Motion law for constraints
Constraints motion best example is in your childhood your father hold your hand and walk on the road means your motion was guided by your father as your father will move you will follow the path of your father hence your motion is called constraint motion.
if two block A & B are attached together and we are applying force on block A then block A & B will move together then we can say displacement of block A & B will be same because both are attached moving together from here we can write xa = xb where xa displacement of block A and xb displacement of block B now differentiate this equation with respect to time we will get
d(xa)/dt = d(xb)/dt
va = vb ( velocity of block A & B are also same ) again differentiate with respect to time
d(va)/dt = d(vb)/dt ( acceleration of block A & B are also same)

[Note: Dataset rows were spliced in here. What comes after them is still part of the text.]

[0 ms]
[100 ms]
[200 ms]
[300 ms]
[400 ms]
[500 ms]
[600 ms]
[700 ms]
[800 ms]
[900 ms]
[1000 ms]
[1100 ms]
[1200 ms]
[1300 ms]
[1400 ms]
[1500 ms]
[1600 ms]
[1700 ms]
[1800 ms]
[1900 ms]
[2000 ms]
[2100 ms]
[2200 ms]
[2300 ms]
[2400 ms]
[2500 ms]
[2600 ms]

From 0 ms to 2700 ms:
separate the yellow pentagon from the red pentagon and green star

hence these equation are called constraints equation.
above are simple pulley question where we solve easily but for complex question we need some important method to solve question so one method is virtual work method by which we use to solve pulley constraints question see below picture.
Now we will learn virtual work method for solving difficult problem virtual work method made easy to understand complex problem you can use this method for complex problem suppose two block are attached through single pulley as shown in figure.

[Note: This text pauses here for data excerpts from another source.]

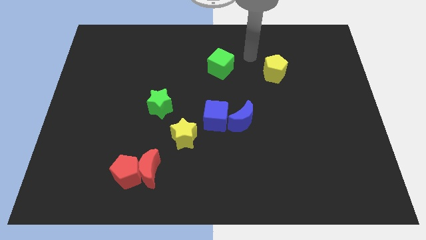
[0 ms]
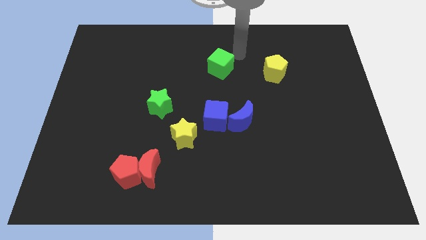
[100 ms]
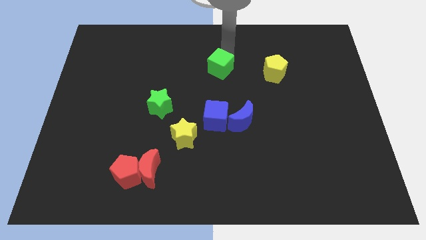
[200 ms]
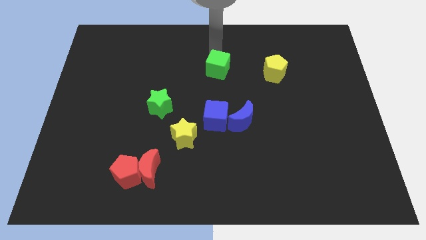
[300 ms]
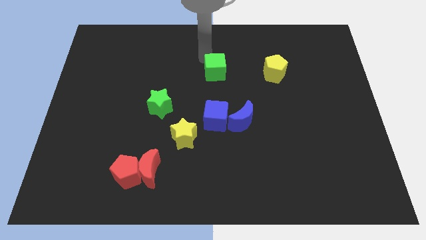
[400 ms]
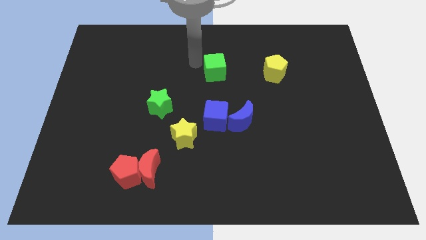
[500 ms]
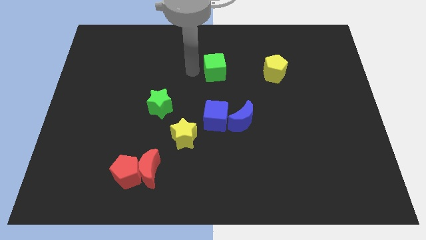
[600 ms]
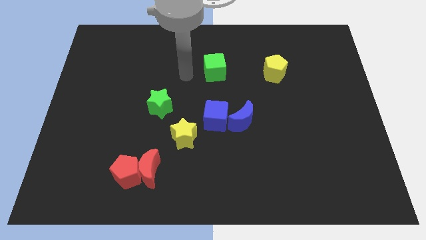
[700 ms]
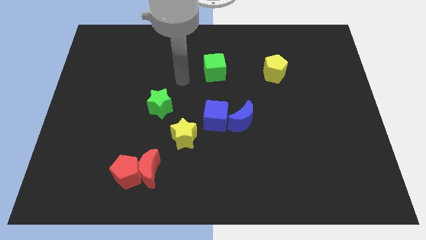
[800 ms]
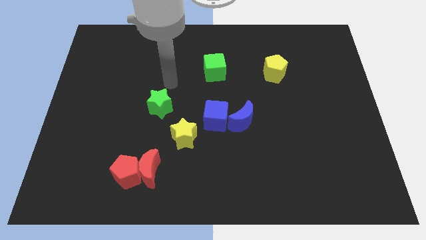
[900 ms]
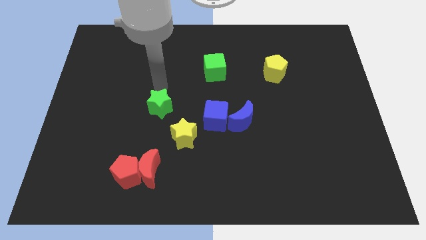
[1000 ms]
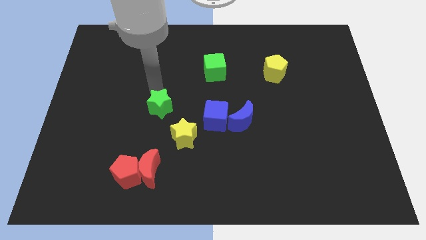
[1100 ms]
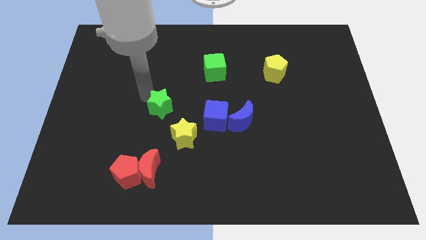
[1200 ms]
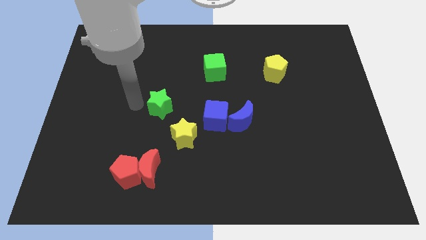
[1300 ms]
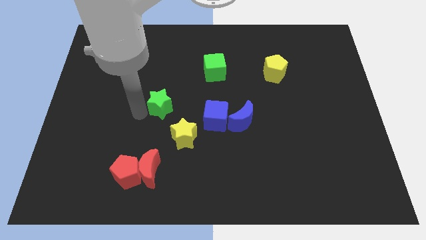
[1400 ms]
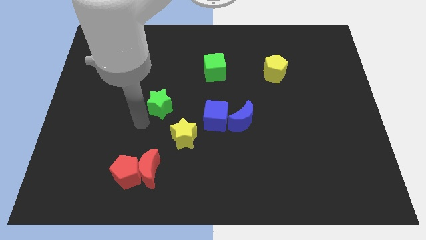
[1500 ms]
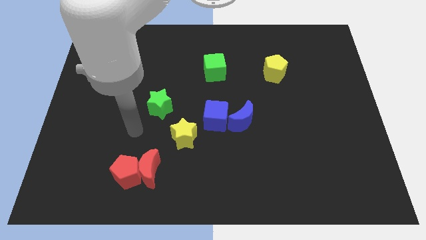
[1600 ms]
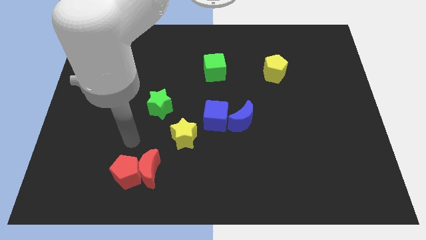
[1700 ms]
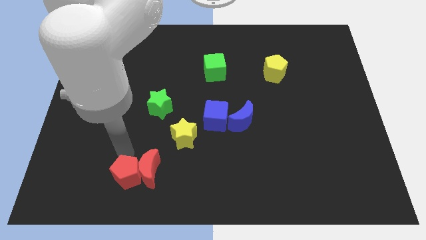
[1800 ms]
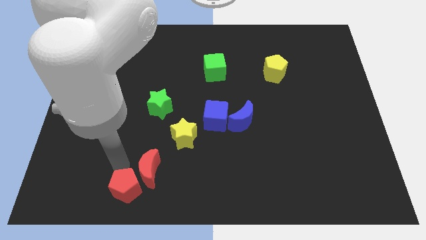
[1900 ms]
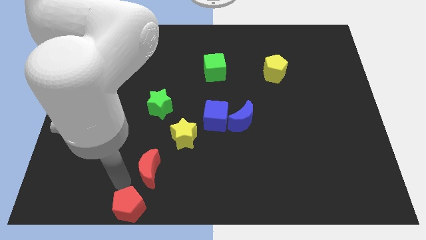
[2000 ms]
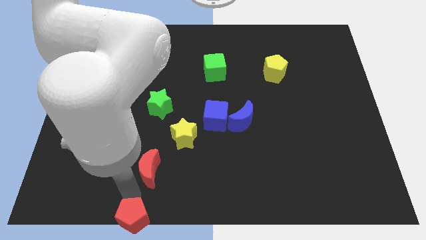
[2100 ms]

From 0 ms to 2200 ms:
pull the red moon apart from the red pentagon

From above second picture lets big pulley has tension T in rope big pulley is fixed as shown now small pulley has tension T1 in rope small pulley is movable its mean that small pulley will work but big pulley is fixed hence it will not work now apply work done by each pulley so for big pulley suppose small pulley moves up by displacement xp now we can write equation for big pulley rope
T*xa+T*xp = 0 ( Net work done by rope is zero )
xa +xp = 0
now for small pulley since pulley is massless hence tension in rope will be T/2 small pulley upward tension in rope is T hence downward tension in rope will be T/2
now apply work done
-T/2*xb -T/2*xp -T/2*xp = 0
-xb -xp-xp = 0
xb = -2xp or xp = -xb/2 put in above equation we get.
xa -xb/2 = 0
xa = xb/2 ( this is our constraint equation relation )

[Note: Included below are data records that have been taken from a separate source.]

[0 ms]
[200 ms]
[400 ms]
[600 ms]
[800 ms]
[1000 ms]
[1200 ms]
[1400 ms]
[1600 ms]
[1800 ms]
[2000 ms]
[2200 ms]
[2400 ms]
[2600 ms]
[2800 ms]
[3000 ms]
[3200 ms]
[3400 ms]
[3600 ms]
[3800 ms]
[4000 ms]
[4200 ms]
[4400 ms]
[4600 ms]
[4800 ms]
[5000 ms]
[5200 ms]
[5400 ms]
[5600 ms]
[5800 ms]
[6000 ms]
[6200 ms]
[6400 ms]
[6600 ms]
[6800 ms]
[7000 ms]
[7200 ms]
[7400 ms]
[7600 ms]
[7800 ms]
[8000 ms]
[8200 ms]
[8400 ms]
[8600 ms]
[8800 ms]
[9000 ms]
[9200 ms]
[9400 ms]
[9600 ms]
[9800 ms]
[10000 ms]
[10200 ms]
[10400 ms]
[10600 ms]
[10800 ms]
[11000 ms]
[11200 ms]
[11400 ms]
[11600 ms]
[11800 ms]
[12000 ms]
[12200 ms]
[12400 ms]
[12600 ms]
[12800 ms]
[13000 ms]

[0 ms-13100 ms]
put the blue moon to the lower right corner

now we can write this equation in short form also work done by rope first and work done by rope second will be zero w1+w2 =0
(T*xa+T*xp) + (-T/2*xb-T/2*xp-T/2*xp) = 0
see here pulley term is going to cancelled its mean that if we don’t write pulley work or forget then result will be correct this is important point to remember
xa = xb/2 i hope that you have enjoyed learning Motion law for constraints and your concept is now clear thanks for reading.
dated 12th Aug 2018